BeyondHFCs therefore wishes that policies worldwide promote the use of natural refrigerants which are safe, energy efficient and sustainable and endorse phase-out dates for HFCs in refrigeration and air-conditioning. These gases need to be eliminated—not just ‘contained’.
Finally, BeyondHFCs is arguing for the uptake of natural refrigerants in all applications and urges both industry and policy makers to facilitate this.
Carbon dioxide (CO2 can be used as a refrigerant) has a Global Warming Potential (GWP) of 1.This is a negligible direct global warming potential when used as a refrigerant in closed cycles, whereas the F-gases currently popular on the market have a GWP in the thousands. In addition,
Carbon dioxide has no Ozone Depletion Potential (ODP=0).

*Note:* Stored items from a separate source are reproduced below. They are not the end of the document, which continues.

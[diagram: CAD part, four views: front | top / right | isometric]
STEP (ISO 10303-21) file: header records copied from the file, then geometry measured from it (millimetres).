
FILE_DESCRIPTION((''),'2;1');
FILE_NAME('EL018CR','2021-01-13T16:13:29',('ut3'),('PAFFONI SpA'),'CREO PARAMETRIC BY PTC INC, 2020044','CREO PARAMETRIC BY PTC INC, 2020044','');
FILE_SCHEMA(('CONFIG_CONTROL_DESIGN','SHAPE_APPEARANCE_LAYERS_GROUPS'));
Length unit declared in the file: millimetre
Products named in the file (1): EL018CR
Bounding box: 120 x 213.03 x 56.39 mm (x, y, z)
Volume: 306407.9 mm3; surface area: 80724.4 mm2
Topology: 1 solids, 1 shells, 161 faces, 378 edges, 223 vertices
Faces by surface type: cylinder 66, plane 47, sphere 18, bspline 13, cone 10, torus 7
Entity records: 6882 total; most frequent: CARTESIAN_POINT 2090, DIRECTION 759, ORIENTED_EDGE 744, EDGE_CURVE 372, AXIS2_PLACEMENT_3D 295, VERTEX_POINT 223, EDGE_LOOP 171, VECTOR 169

Ammonia has both no Ozone Depletion Potential (ODP = 0) and no Global Warming Potential (GWP=0).
It is considered a natural refrigerant because although produced synthetically for refrigeration, it occurs in nature’s material cycles. Ammonia is used widely and safely around the world in large-scale industrial cooling systems such as food processing and building air conditioning and increasingly in smaller charge systems.

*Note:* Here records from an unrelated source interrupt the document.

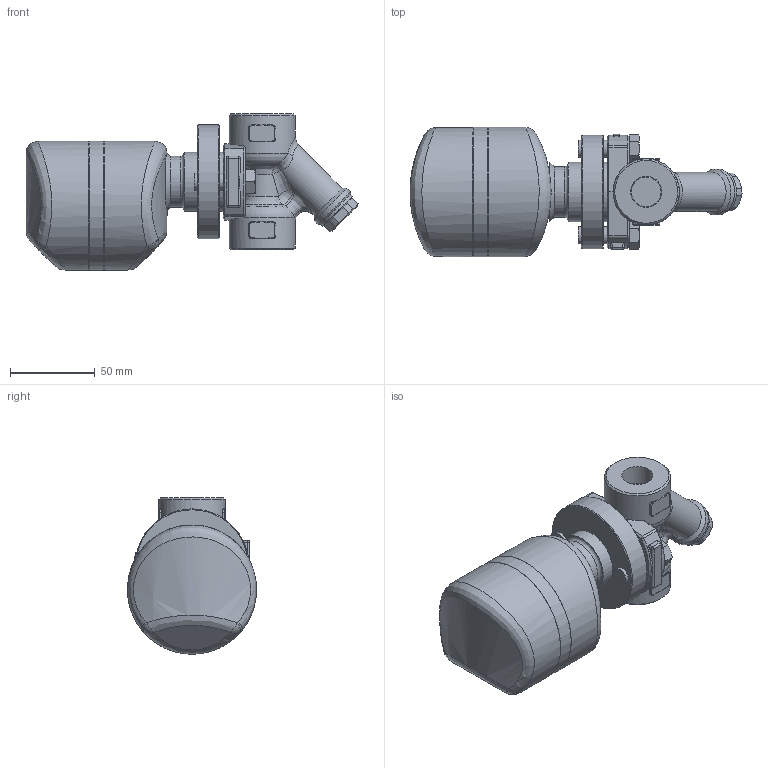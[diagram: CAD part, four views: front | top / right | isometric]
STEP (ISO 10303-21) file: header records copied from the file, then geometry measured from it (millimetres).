
FILE_DESCRIPTION((''),'2;1');
FILE_NAME('fs300-015-screw-00.stp','2010-05-14T13:01:58',('nakaot'),(''),'Autodesk Inventor 2008','Autodesk Inventor 2008','');
FILE_SCHEMA(('AUTOMOTIVE_DESIGN { 1 0 10303 214 1 1 1 1 }'));
Length unit declared in the file: millimetre
Products named in the file (1): fs300-015-screw-00
Bounding box: 195.36 x 76 x 92 mm (x, y, z)
Volume: 521996.3 mm3; surface area: 67142.9 mm2
Topology: 1 solids, 3 shells, 348 faces, 832 edges, 490 vertices
Faces by surface type: bspline 104, cylinder 99, plane 90, cone 31, torus 20, sphere 4
Full cylindrical faces by diameter (mm): 10 x2, 10.5 x1, 17 x1, 23 x1, 25 x1, 27 x1, 30 x1, 33 x1, 35 x3, 39 x2, 60 x2, 67 x1, 76 x2
Entity records: 16021 total; most frequent: CARTESIAN_POINT 8814, ORIENTED_EDGE 1522, DIRECTION 1374, EDGE_CURVE 761, AXIS2_PLACEMENT_3D 565, VERTEX_POINT 480, EDGE_LOOP 417, FACE_OUTER_BOUND 348

Hydrocarbons are energy efficient. A study by the University of New South Wales indicates that hydrocarbon automobile air-conditioners are almost 35% more efficient than HFC air conditioners.
Certain hydrocarbon blends show an increase in energy efficiency of up to 17% in MAC compared to R-134a.
Thousands of cars had been converted in Australia and North America from HFCs to hydrocarbons.
As a natural refrigerant, hydrocarbons do not face legislative risks brought on by environmental concerns (GWP ≈ 3, Ozone Depleting Potential (ODP) = 0).
Like 1234yf, hydrocarbons are flammable. A noteworthy aspect of using propane is its availability; it is used universally for heating and cooking. As a result, its safe handling is widely understood and practiced.
A host of standards (both national and international) prescribe design and construction features for hydrocarbons. Moreover, the fact that 300 million hydrocarbon domestic refrigerators over 15 years have produced no accidents demonstrates that hydrocarbons can be handled safely.
Finally, hydrocarbons operate at lower pressure, reducing wear and tear and improving system durability and are much cleaner and less expensive to produce than R-134a.